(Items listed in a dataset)
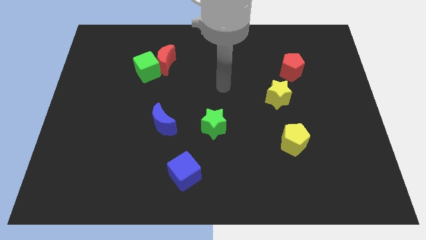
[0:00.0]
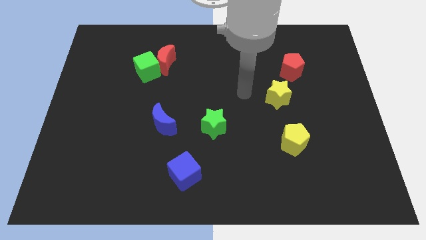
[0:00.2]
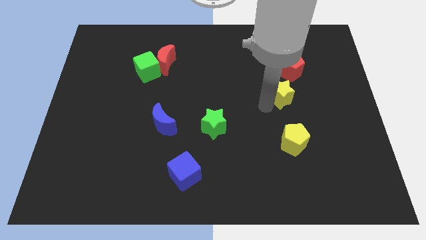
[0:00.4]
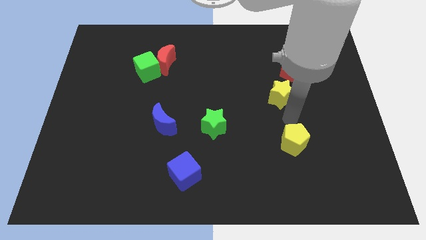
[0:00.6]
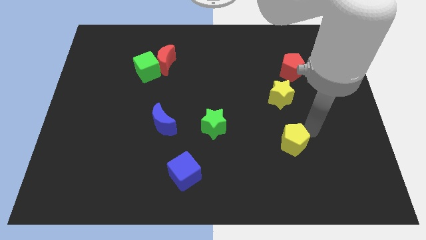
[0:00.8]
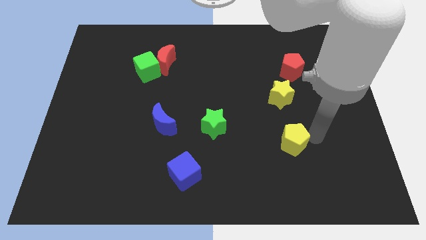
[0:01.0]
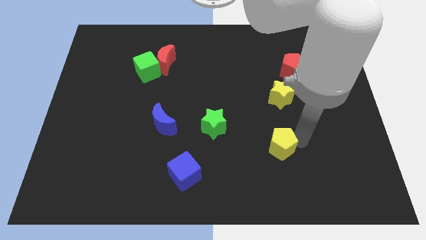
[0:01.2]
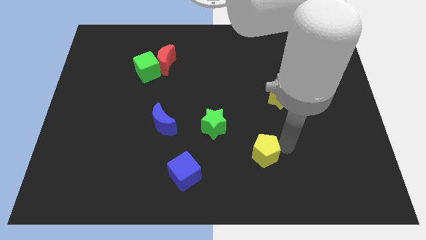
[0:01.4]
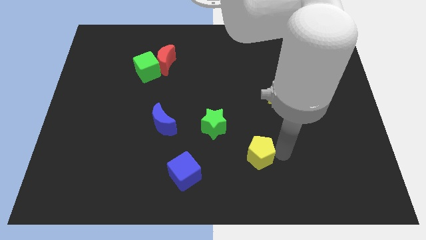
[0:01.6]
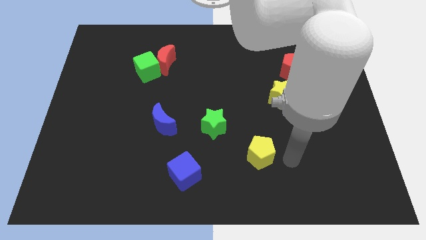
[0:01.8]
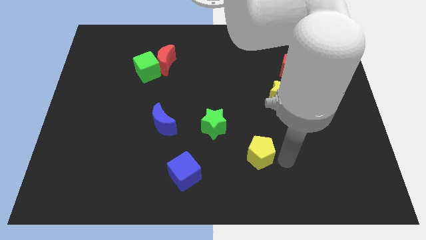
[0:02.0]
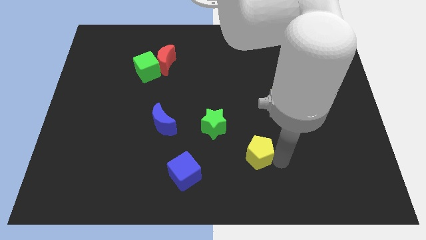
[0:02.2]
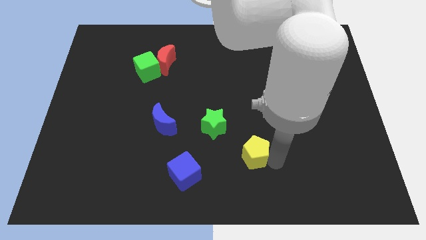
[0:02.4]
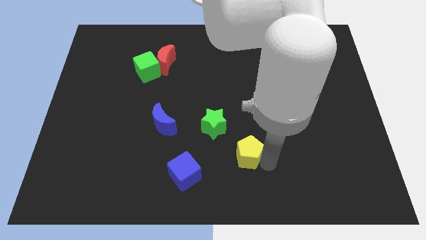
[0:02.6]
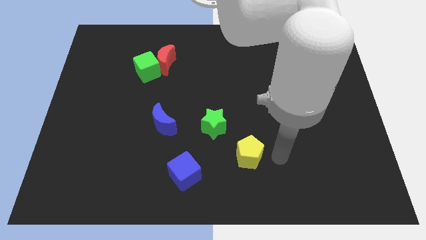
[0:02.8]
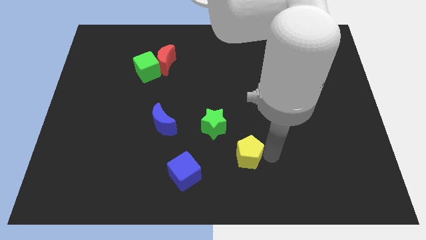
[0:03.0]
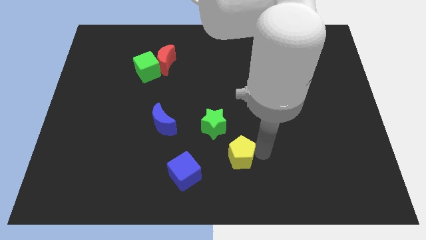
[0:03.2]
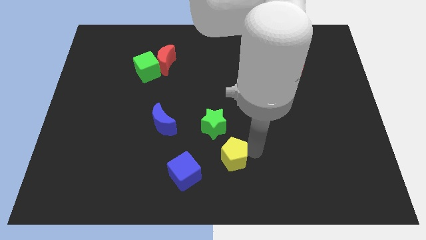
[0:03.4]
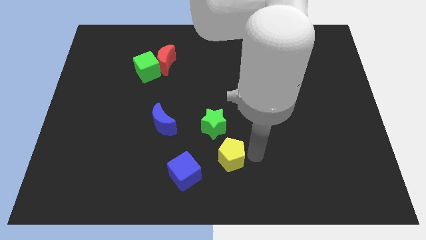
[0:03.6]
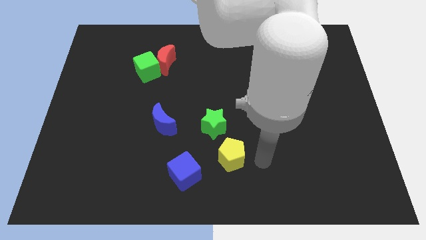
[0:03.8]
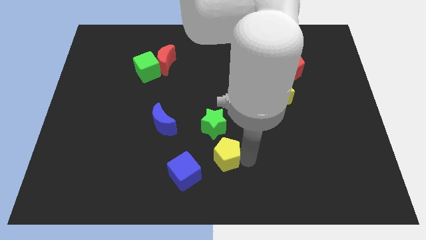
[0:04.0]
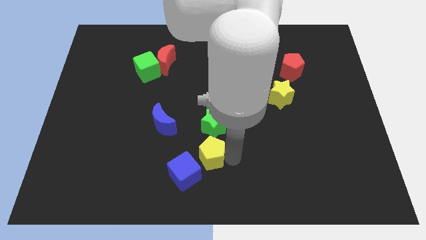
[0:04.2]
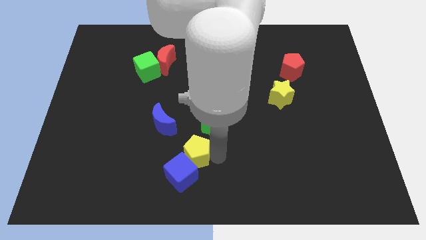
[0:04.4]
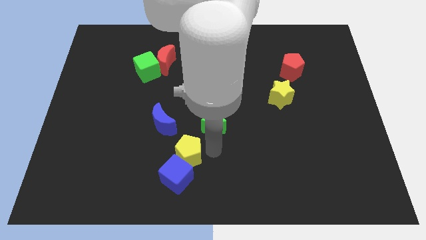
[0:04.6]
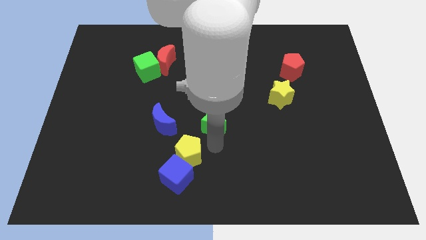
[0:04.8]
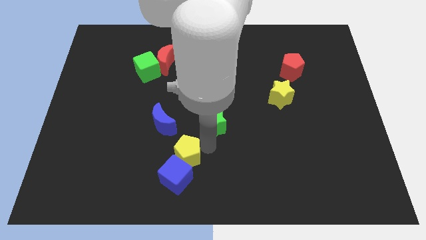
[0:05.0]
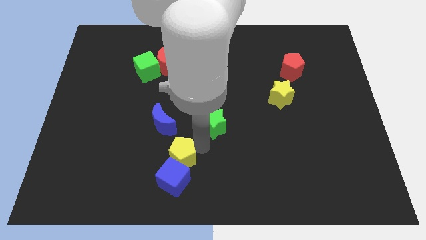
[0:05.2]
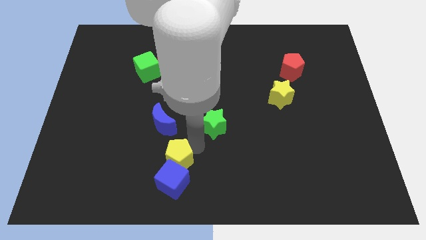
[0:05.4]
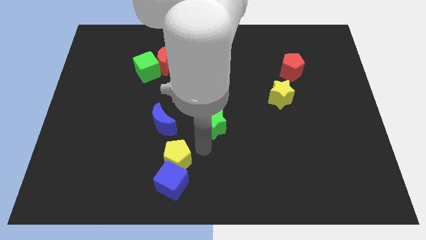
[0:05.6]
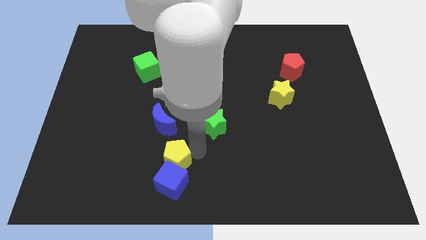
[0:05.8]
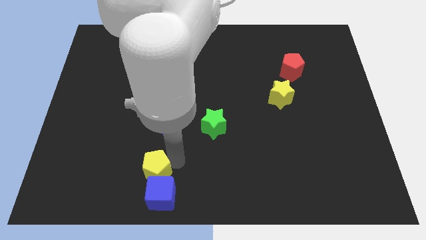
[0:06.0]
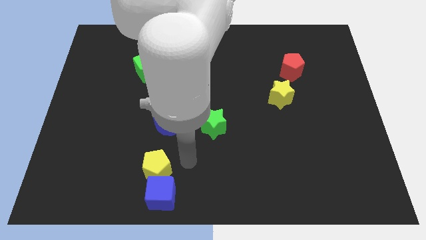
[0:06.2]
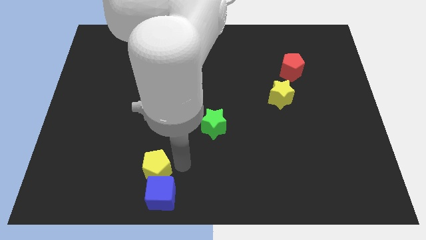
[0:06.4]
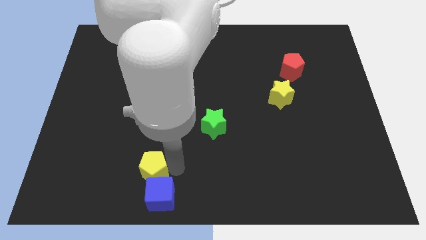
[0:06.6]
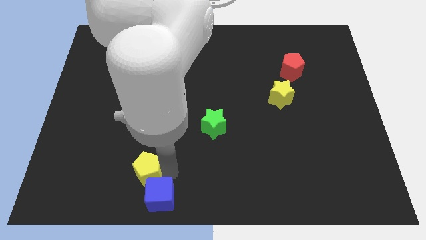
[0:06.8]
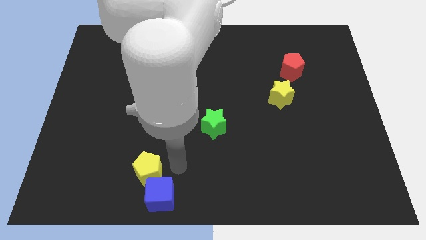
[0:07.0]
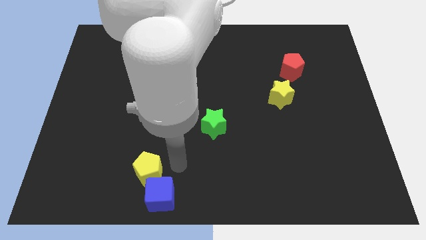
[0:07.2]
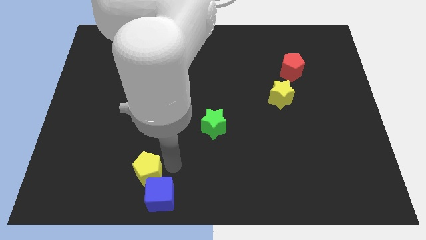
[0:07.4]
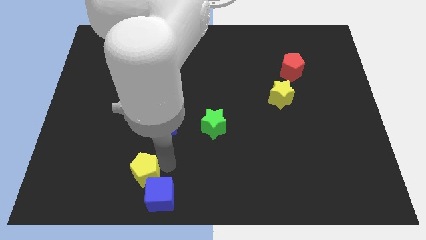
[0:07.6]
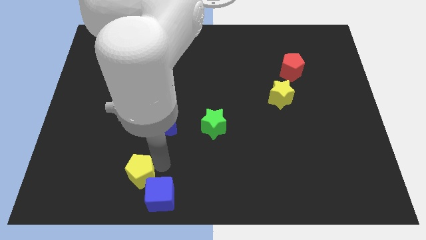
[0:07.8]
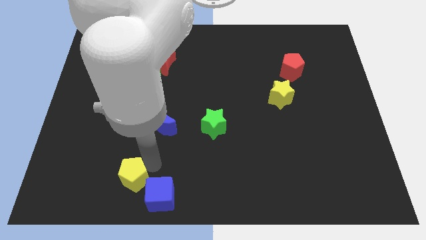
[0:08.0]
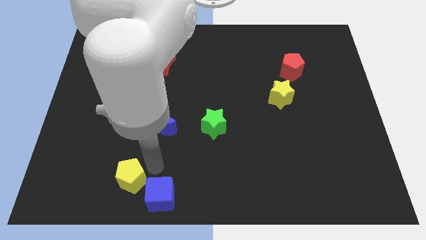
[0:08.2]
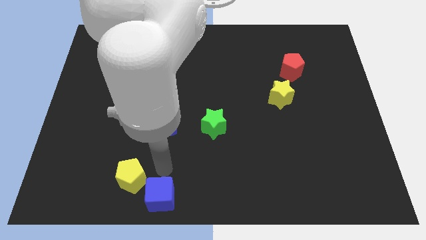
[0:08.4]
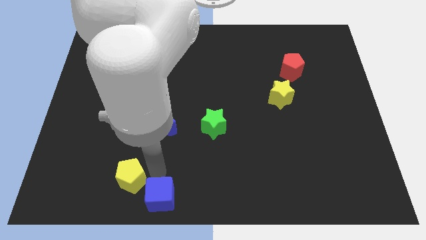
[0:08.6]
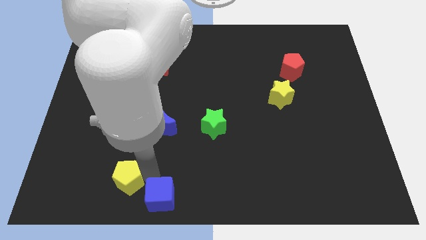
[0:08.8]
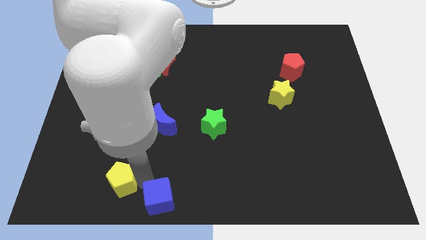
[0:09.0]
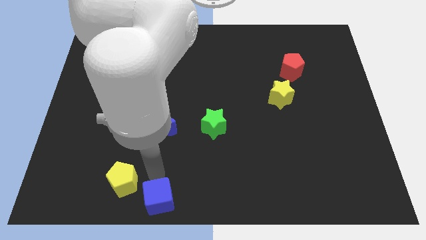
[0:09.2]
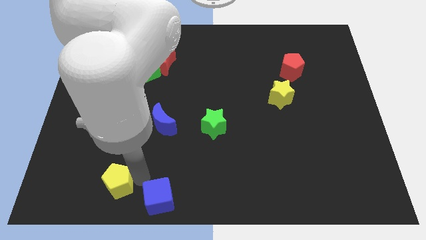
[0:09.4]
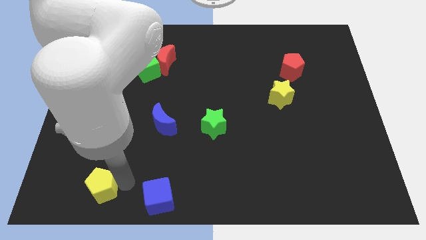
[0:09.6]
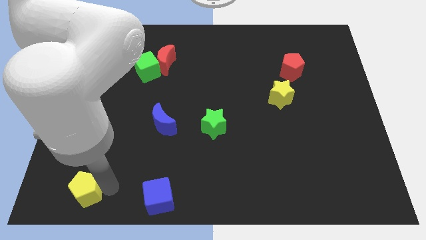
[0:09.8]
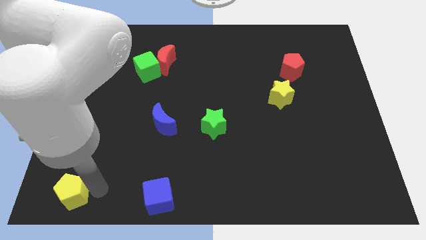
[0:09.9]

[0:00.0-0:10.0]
push the yellow pentagon to the lower left corner

• [About this exercise]: Except for pictures, copy the records above exactly.

• [Answer section]:
[0:00.0]
[0:00.2]
[0:00.4]
[0:00.6]
[0:00.8]
[0:01.0]
[0:01.2]
[0:01.4]
[0:01.6]
[0:01.8]
[0:02.0]
[0:02.2]
[0:02.4]
[0:02.6]
[0:02.8]
[0:03.0]
[0:03.2]
[0:03.4]
[0:03.6]
[0:03.8]
[0:04.0]
[0:04.2]
[0:04.4]
[0:04.6]
[0:04.8]
[0:05.0]
[0:05.2]
[0:05.4]
[0:05.6]
[0:05.8]
[0:06.0]
[0:06.2]
[0:06.4]
[0:06.6]
[0:06.8]
[0:07.0]
[0:07.2]
[0:07.4]
[0:07.6]
[0:07.8]
[0:08.0]
[0:08.2]
[0:08.4]
[0:08.6]
[0:08.8]
[0:09.0]
[0:09.2]
[0:09.4]
[0:09.6]
[0:09.8]
[0:09.9]

[0:00.0-0:10.0]
push the yellow pentagon to the lower left corner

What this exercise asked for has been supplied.